Monday, Nov. 27, 1944
Crisis--New Style
The warring U.S. faced a new kind of crisis. It was not one of shortages, as in 1941, or one of bottlenecks, as in 1942. It was rather that the U.S. war machine had been caught off balance.
The crisis was well illustrated by what had happened in the tiny town of Rosemont, near Minneapolis. There, in the expanding days of 1942, the 21,000-acre Gopher Ordnance Works--a typical example of the cornfield-to-factory projects which sprang up all over the U.S.--was built to manufacture powder. Then, for almost two years, the plant stood idle; and finally, last February, workmen began to dismantle its machinery.
Last week the Gopher Ordnance Works was in rush-rush production, making nitric acid for much-needed gunpowder.

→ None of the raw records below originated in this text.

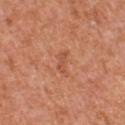Notes:
* biopsy status · no biopsy performed (imaged during a skin exam)
* site · the front of the torso
* automated lesion analysis · an automated nevus-likeness rating near 0 out of 100
* imaging modality · ~15 mm tile from a whole-body skin photo
* subject · male, in their mid- to late 50s
* tile lighting · white-light illumination
* lesion diameter · ~2.5 mm (longest diameter)

The sudden activity at Gopher was multiplied at countless other war plants. There were several reasons for this. Principal one was that the U.S. war machine was chewing up its equipment faster than it was being produced. Instances:
P: On the bomb-pocked roads of Europe, the trucks which moved in radiator-to-buckboard line were wearing out at a rate so fantastic that the actual number is still a military secret. In the northwest sector alone, 5,000 new tires were needed daily.

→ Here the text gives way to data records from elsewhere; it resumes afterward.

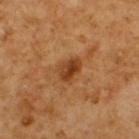<record>
  <biopsy_status>not biopsied; imaged during a skin examination</biopsy_status>
  <lesion_size>
    <long_diameter_mm_approx>3.0</long_diameter_mm_approx>
  </lesion_size>
  <image>
    <source>total-body photography crop</source>
    <field_of_view_mm>15</field_of_view_mm>
  </image>
  <patient>
    <sex>male</sex>
    <age_approx>60</age_approx>
  </patient>
  <lighting>cross-polarized</lighting>
  <site>back</site>
</record>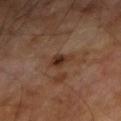Findings:
- workup — no biopsy performed (imaged during a skin exam)
- tile lighting — cross-polarized illumination
- anatomic site — the arm
- patient — male, approximately 70 years of age
- image-analysis metrics — a border-irregularity index near 2.5/10, internal color variation of about 4 on a 0–10 scale, and a peripheral color-asymmetry measure near 1.5; a lesion-detection confidence of about 100/100
- imaging modality — 15 mm crop, total-body photography

P: In one month of fighting, artillery units hurled $156 million worth of shells at the Germans. At Aachen, in two weeks of bombardment, 300,000 rounds of 105-mm. shells were expended.
P: General Eisenhower, pointing out that Aachen might have been taken sooner, said: "Today we are firing ammunition which we would not have used until next February or March if we had been content with a slower advance."

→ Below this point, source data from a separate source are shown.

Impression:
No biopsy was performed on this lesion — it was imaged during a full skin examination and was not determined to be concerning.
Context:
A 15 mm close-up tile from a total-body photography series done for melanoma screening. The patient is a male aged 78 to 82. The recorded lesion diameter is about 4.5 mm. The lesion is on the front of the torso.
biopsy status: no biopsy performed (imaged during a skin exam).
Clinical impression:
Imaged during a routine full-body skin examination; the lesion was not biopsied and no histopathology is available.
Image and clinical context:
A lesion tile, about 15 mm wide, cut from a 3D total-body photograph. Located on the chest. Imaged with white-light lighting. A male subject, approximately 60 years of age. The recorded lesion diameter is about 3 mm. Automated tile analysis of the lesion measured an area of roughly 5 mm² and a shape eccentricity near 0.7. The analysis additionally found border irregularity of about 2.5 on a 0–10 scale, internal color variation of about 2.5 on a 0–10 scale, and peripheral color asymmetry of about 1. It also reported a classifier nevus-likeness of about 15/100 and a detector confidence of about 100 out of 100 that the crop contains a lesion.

P: In the first month of the Leyte invasion, General MacArthur's forces pumped out as much ammunition as they had in 16 previous months of operation.
Bombs v. Shells. There was a second reason for the crisis: a miscalculation by the war planners. As in previous wars, the needs of the artillery had been vastly underestimated. Meanwhile, airmen, aircraft and airborne bombs had top priority. The airmen were not only asked to knock out German industry. They were also used as a swift, mobile artillery for the infantry. Thus, in the arsenals, artillery ammunition was cut back. But now the commanders restored artillerymen to their historic role of blasting the way for the infantry. At home, this meant a sudden shift back to production of artillery ammunition.
Third reason for the crisis was the still-present manpower shortage. Looked at nationally, this did not seem terribly urgent: war plants were but 200,000 workers short. But the men were needed in critical spots. Accordingly, Government and Army & Navy men scurried about urging war workers to stay on their jobs, exhorting those who had left, on the crest of the September optimism, to return.
No one was yet crying wolf; no one was anxious to magnify the problem. No one was afraid that it could not be solved. But last week the Army was flying 400-lb. shells to the front on the Rhine.